YOUR INSTRUCTIONS
Every entry below needs to be printed again exactly, with its pictures left out.

(EXERCISE MATERIAL begins)

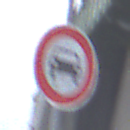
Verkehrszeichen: VerbotKraftwagen
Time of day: MorningAfternoon
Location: Outdoor (Suburban)
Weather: Overcast
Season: NotSpecified
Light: Natural
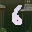
Label: 6

(EXERCISE MATERIAL ends)

TASK RESPONSE
Verkehrszeichen: VerbotKraftwagen
Time of day: MorningAfternoon
Location: Outdoor (Suburban)
Weather: Overcast
Season: NotSpecified
Light: Natural
Label: 6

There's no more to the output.